§ **What to work on**: This exercise calls for the records to be returned exactly, with images removed.

+-------+

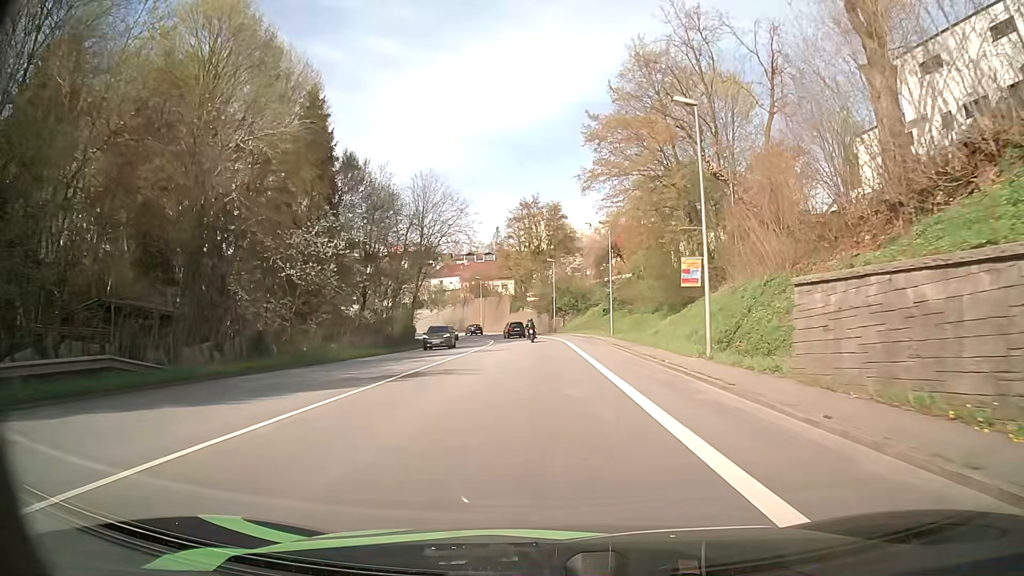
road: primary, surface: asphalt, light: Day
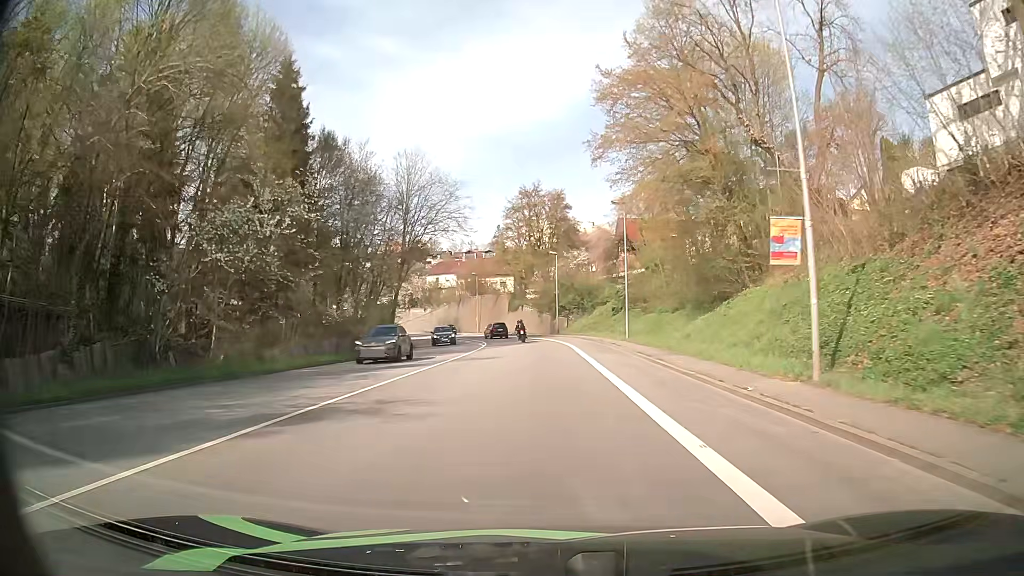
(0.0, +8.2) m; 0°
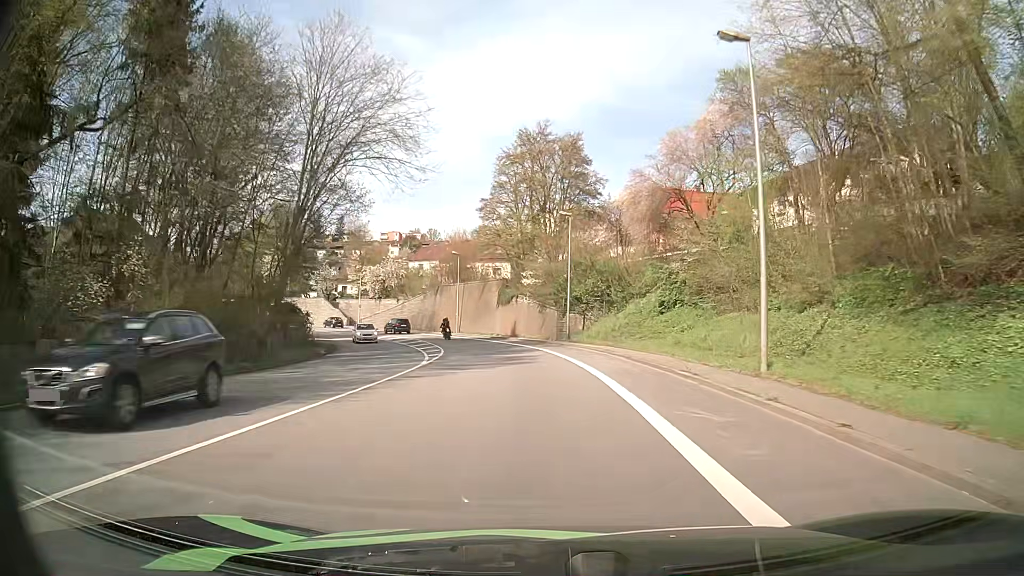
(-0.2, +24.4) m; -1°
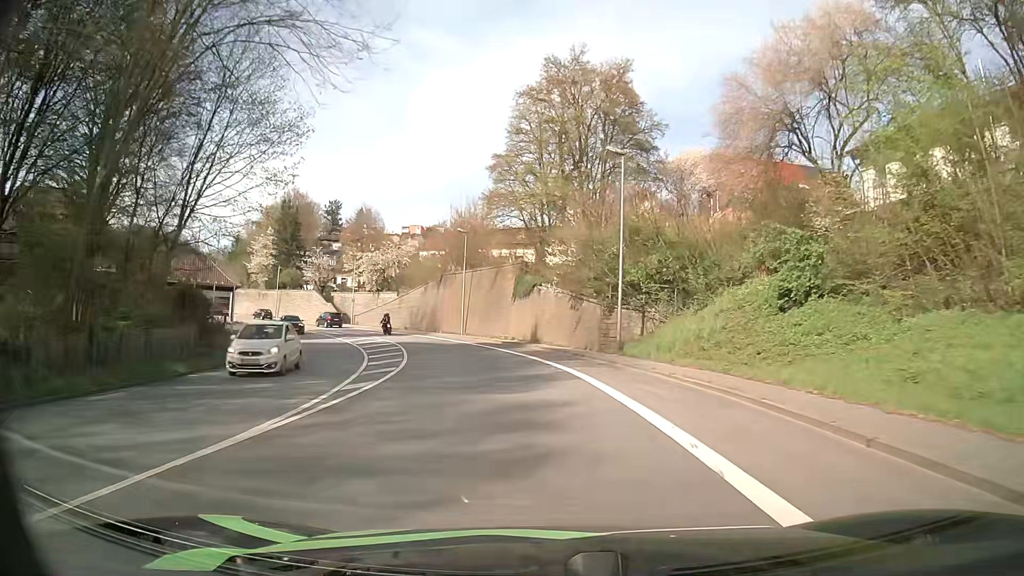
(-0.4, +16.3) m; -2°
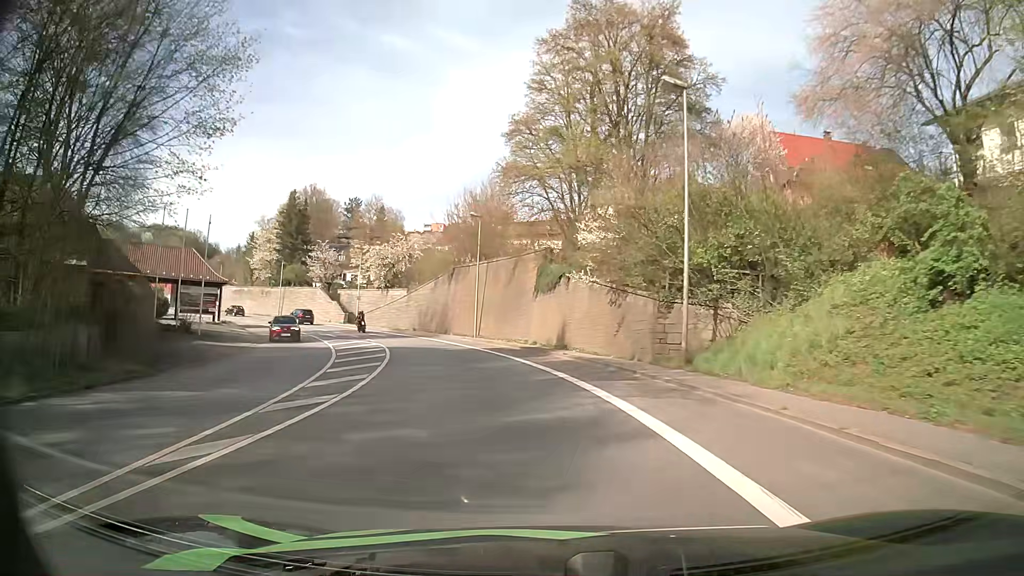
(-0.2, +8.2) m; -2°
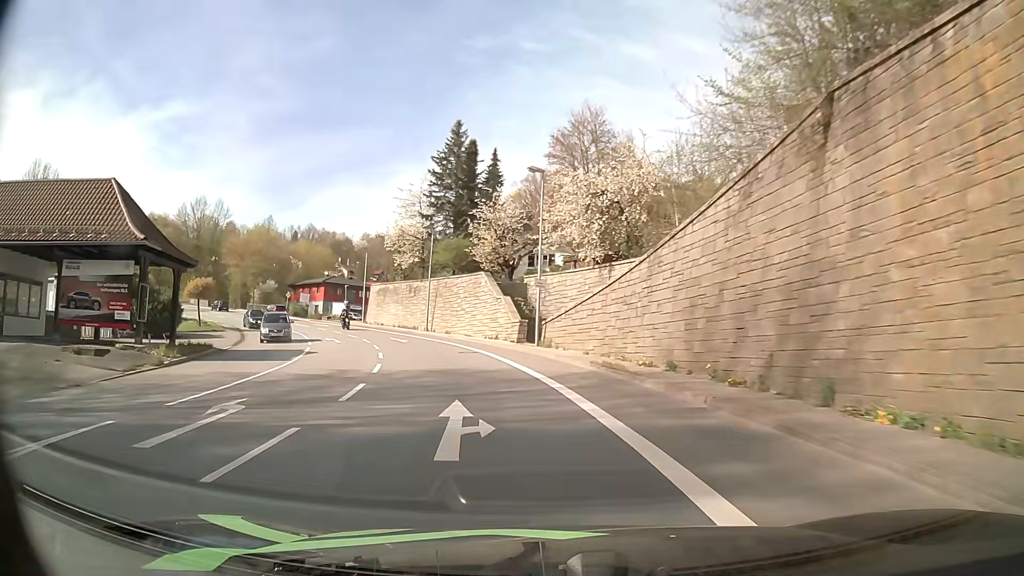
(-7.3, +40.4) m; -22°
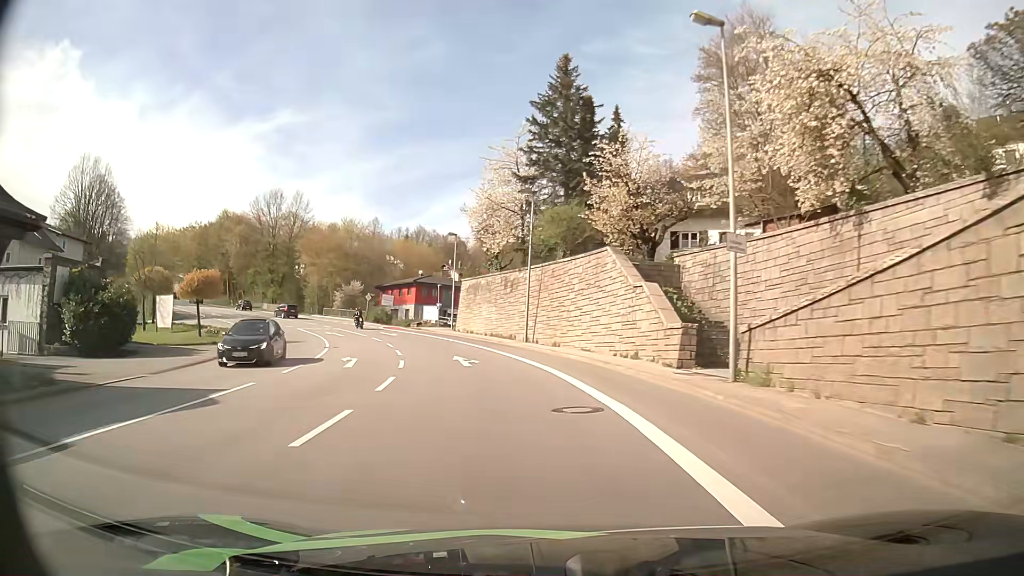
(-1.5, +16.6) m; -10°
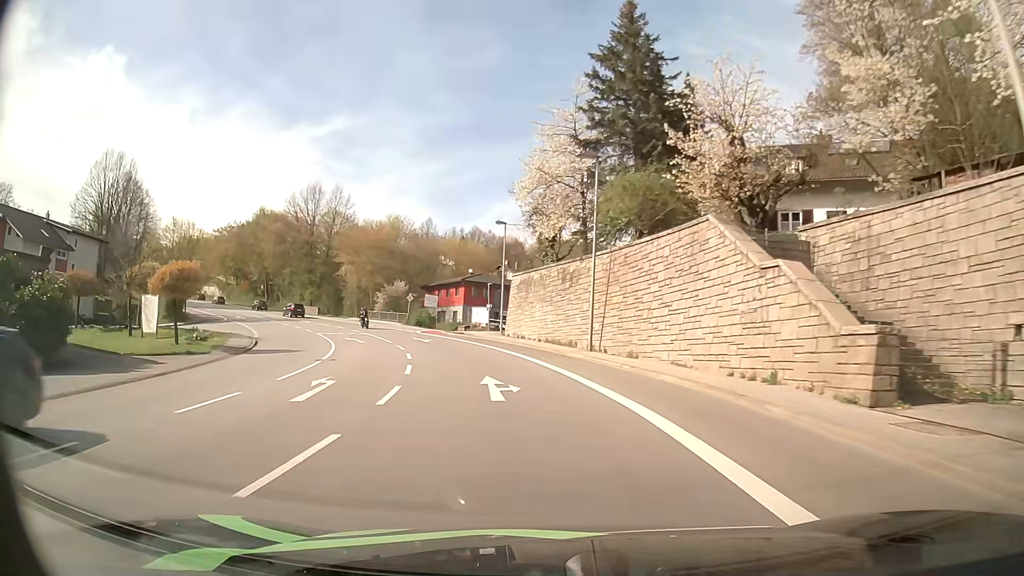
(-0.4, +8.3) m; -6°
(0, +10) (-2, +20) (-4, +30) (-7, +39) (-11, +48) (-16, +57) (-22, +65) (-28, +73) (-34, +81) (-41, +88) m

+-------+

§ **Response below**:
road: primary, surface: asphalt, light: Day
(0.0, +8.2) m; 0°
(-0.2, +24.4) m; -1°
(-0.4, +16.3) m; -2°
(-0.2, +8.2) m; -2°
(-7.3, +40.4) m; -22°
(-1.5, +16.6) m; -10°
(-0.4, +8.3) m; -6°
(0, +10) (-2, +20) (-4, +30) (-7, +39) (-11, +48) (-16, +57) (-22, +65) (-28, +73) (-34, +81) (-41, +88) m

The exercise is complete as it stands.